Contemporary logic seems to bear out a position very close to the Ramchal's. Human reason seems to be closer modeled by Bayesian probability or Fuzzy Logic than the old Aristotelian-Boolean kind. In English: we are equipped to deal with things other than a black-and-white true vs. false. We can reason about things we can only know are probably true. And while happiness and sadness are opposites, ambivalence, where a person feels both because of different perspective on the same thing, is common. As are dialectics: People can believe "The world was created for me" and "I am dust and ashes" at the same time. Quantum level events conform to a Quantum Logic, which is also non-Boolean and non-Aristotelian. An electron can be in a superposition state, where it's both in one state and another, even though the two contradict; at least until observed. (Don't try to understand that -- I didn't claim it makes sense, just that it's how subatomic particles work.)

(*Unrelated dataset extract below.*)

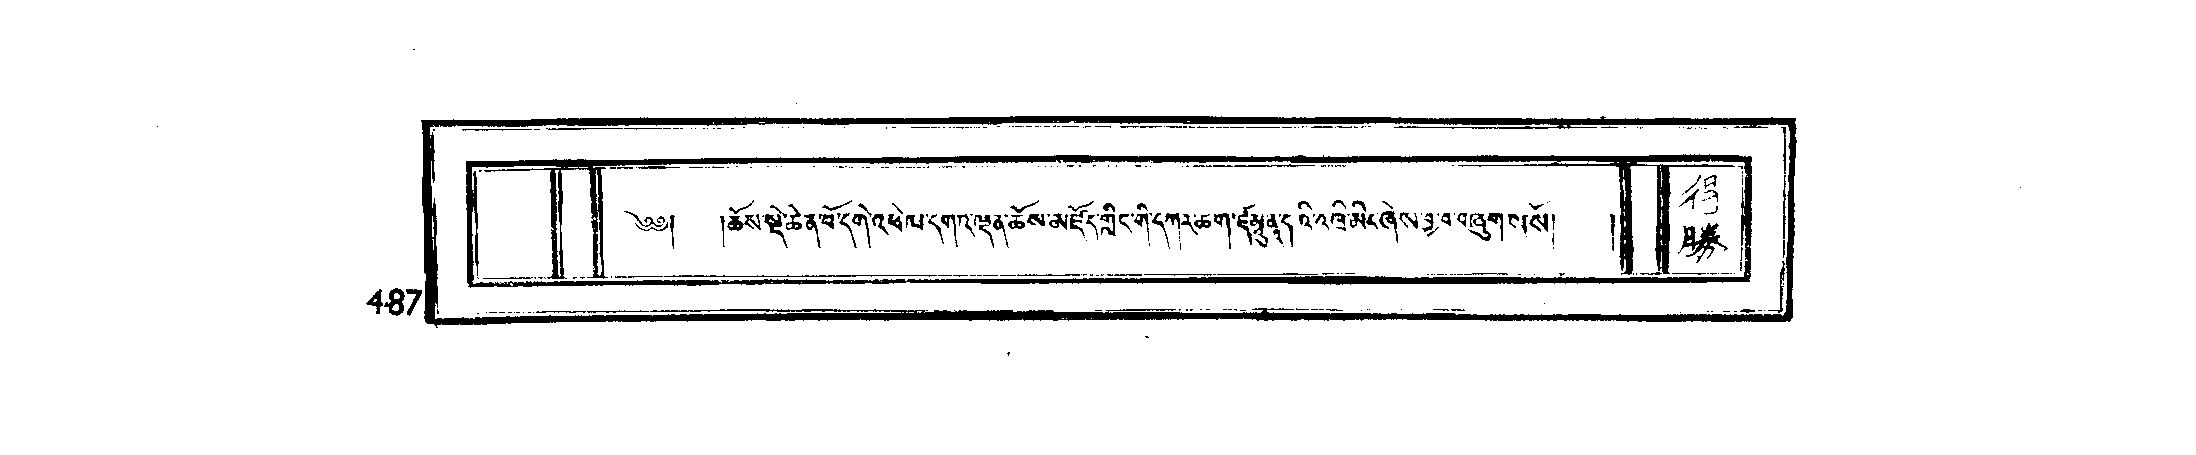༄༅། །ཆོས་སྡེ་ཆེན་པོ་དགེ་འཕེལ་དགའ་ལྡན་ཆོས་མཛོད་གླིང་གི་དཀར་ཆག་ཛམ་བུ་ནཱ་དའི་འཁྲི་ཤིང་ཞེས་བྱ་བ་བཞུགས་སོ། །

Aristotle's Law of Contradiction applies to neither our minds nor the constituents of our atoms. Why need it apply to G-d?

Related to this is my essays on logic and eilu va'eilu (plurality in halakhah) in Mesukim MiDevash for Naso,
and earlier in this blog.

Or, to put it another way -- even if logic is a part of Truth, and therefore of Hashem's essence, which of the many possible systems of logic does that mean? Presumably one of Infinite richness, not the Aristotelian that both the Rambam or the Ramchal were discussing.

Sunday, July 03, 2005

Conflict Resolution

The first miracle disproving the claims of Korach and his followers was when the earth opened up and swallowed them, and fire came and killed the 250 men who tried to offer incense instead of the kohanim. (Bamidbar 16:31-35) Now one would think that's pretty definitive, and things would end there. However, how did the masses react? "The whole congregation of Benei Yisrael complained about Mosheh and about Aharon, saying: 'You have killed the nation of Hashem!'" (17:6) Mosheh and Aharon retreat to the Ohel Mo'eid, upon which the cloud demonstrating Hashem's Presence descended. A plague ensues. And still, the matter isn't over. Aharon's role as kohein is demonstrated by his taking ketores and creating a border beyond which the plague can not past. And still the matter isn't ended.

Finally, each sheivet's leader takes a stick, writes his name on it, and they are placed together in the Ohel Mo'ed. Only Aharon's stick buds, flowers, and grows almonds. And finally, the masses accept Hashem's judgment. What's the difference between the earth opening up and the plague on one hand, and the flowering staff on the other?

One striking difference is that the first miracles aimed at vanquishing evil. However, that didn't resolve the confrontation, not only one instead embraced and built upon the good.

The same is true in internal conflict. When addressing a destructive emotion or habit, one can gain a measure of success battling the midah directly. However, in that way the war is never won; it just continues battle after battle. Instead one has to build upon the more positive midah whose weakness lead to the existence of the negative. Rather than attacking a low frustration threshold, build patience; instead of trying to whittle away one's stinginess, build generosity. The difference is largely one of attitude, but we can create permanent change only by building, not destroying. Particularly in our generation, one that responds more to carrots than sticks.

And it is also true when developing our children's' personalities as parents. As R' Shelomo Wolbe titled his book "Zeri'ah uBinyan beChinukh -- Planting and Building in Education."